Zaky Infant Pillow: 
A pillow that holds a baby is definite must buy lol. Most babies love being held and mine would cry if you put her down so this would have provided the perfect solution. Mom can get on with other things and baby is happily sleeping in the “arms”.
Head Gear: 
 This one is a protection insurer for when a baby is learning to walk, jumping on the bed or the trampoline. It will definitely leave the parents more relaxed and chances of brain or neck injuries will be reduced.
Snot Sucker:
 Most little kids do not like being probed but for some parents it might work.
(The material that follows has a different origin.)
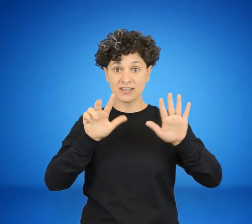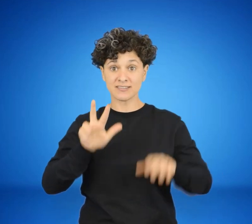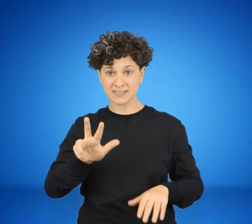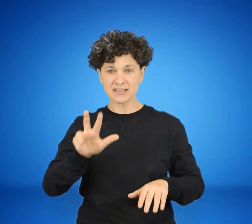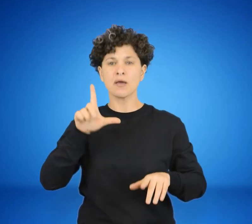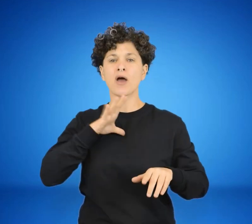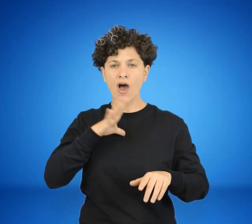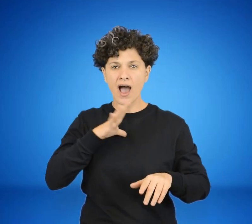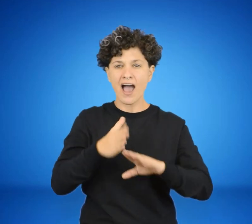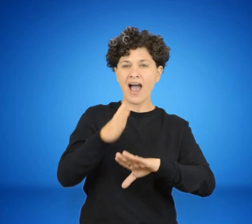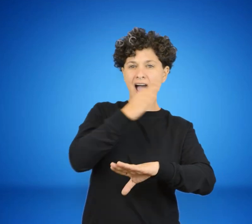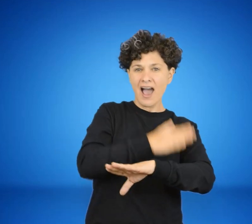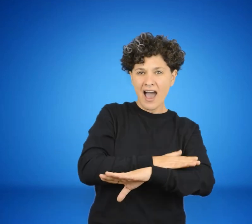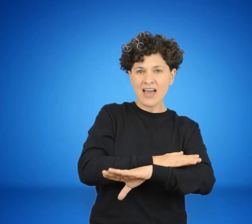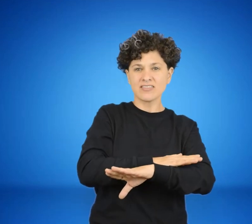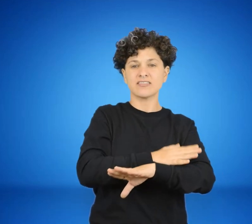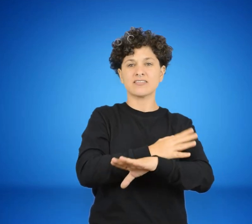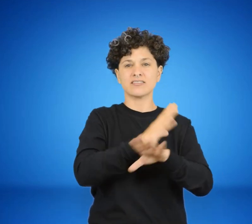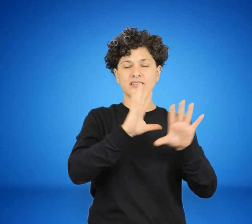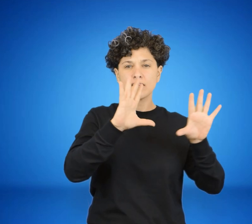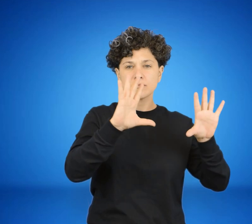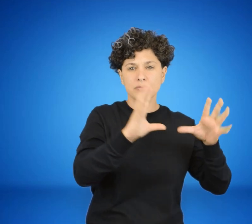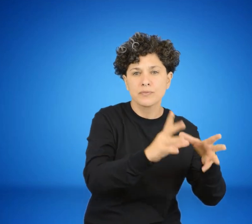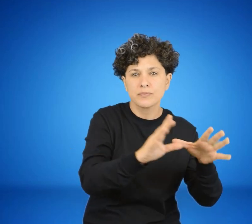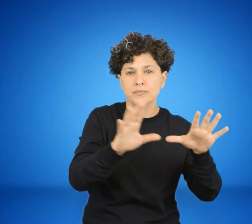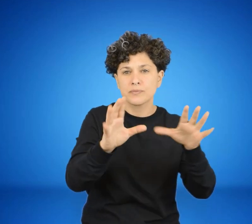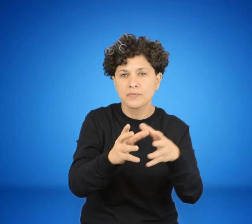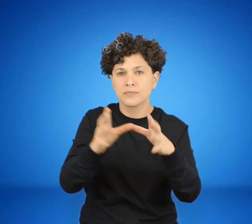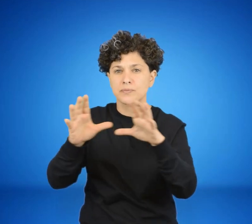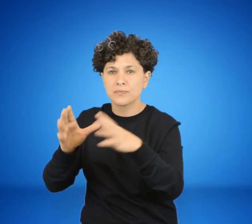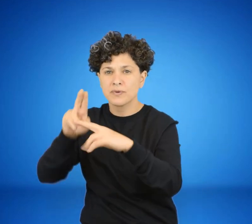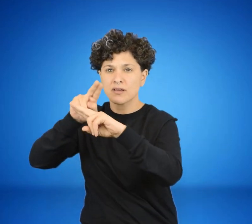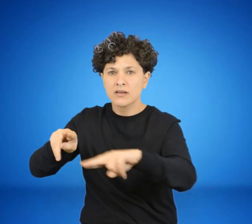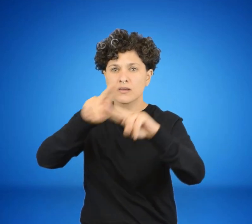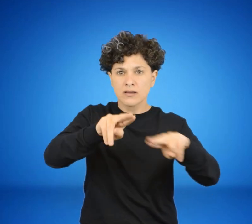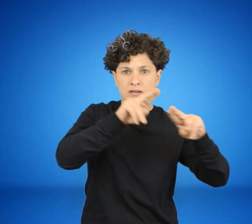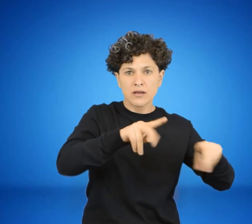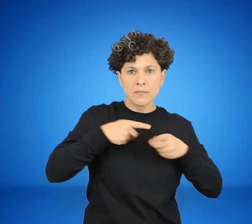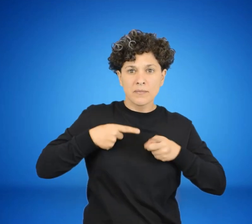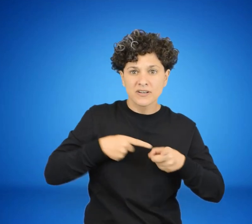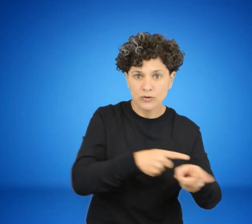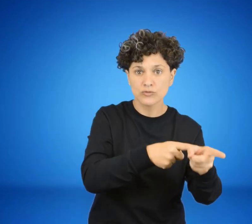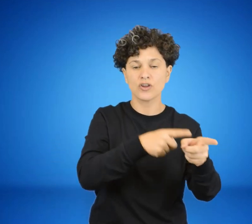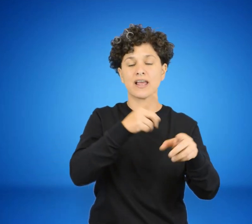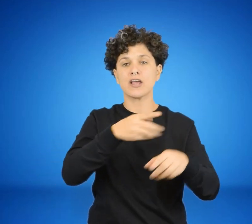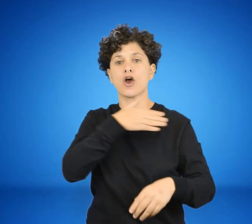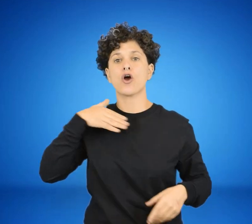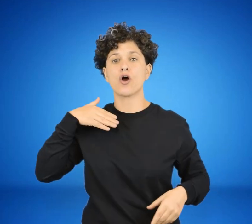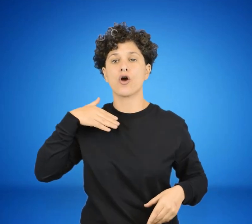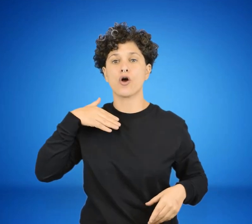obstante, el deterioro que las mismas venían sufriendo, inclusive desde el gobierno en que gobernó

I know my little girl would not let me put that or any foreign thing in her nose not even nasal spray, she gets violent.
Baby Mop: 
Unless u want to teach your child to clean at an early age, I suggest you ignore this ridiculous product. There is no way a baby can mop the floor thoroughly, clearly no effort to think was made here.
Twinkle Tube Toilet Aid:
 If you choose not to buy the toddler urinal (moms to boys) then I guess this one is an option. It’s purely invented for control.It prevents accidents.Your floor won't smell like urine and you won't spend hours cleaning it.
Pee Pee Bottle: 
 I would love this for long trips. It’s definitely not desirable pulling over to the side so your little one can pee. Then again you could just buy a squeeze bottle and use dat. So this might just be a waste of money.What about number two i ask?
 Baby Crying Analyzer:
 Most dads would love this, although I doubt it is spot on. I don’t really believe this baby language thing, I could be wrong though.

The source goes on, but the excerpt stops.